To: Rajagopal Ananthanarayanan <ananth@xxxxxxx>, Steve Lord <lord@xxxxxxx>
Subject: Re: several messages
From: Jim Bray <jb@xxxxxxxxx>
Date: Fri, 7 Apr 2000 20:56:33 -0400 (EDT)
Cc: linux-xfs@xxxxxxxxxxx
In-reply-to: <200004072159.QAA10643@xxxxxxxxxxxxxxxxxxxx>
Sender: owner-linux-xfs@xxxxxxxxxxx
On Fri, 7 Apr 2000, Rajagopal Ananthanarayanan wrote:

> 
> Hmm. kdb is open-sourced.

On Fri, 7 Apr 2000, Steve Lord wrote:

> According to this page kdb is GPL, the code does not seem to say
> that though.

  Right.
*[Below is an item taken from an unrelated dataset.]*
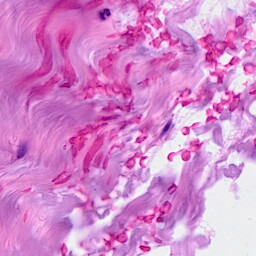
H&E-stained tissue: Breast

The code just says:

 * Copyright (C) 1999 Silicon Graphics, Inc.
...
 * See the file LIA-COPYRIGHT for additional information.

  I think for it to be GPL, that has to be explicit in the code, as with
the xfs code:


* Copyright (c) 2000 Silicon Graphics, Inc.  All Rights Reserved.
 * 
 * This program is free software; you can redistribute it and/or modify it
 * under the terms of version 2 of the GNU General Public License as
 * published by the Free Software Foundation.

  So it appears that kdb is still proprietary code.

On Fri, 7 Apr 2000, Rajagopal Ananthanarayanan wrote:

> 
> There is a bfd.h for download if you need it.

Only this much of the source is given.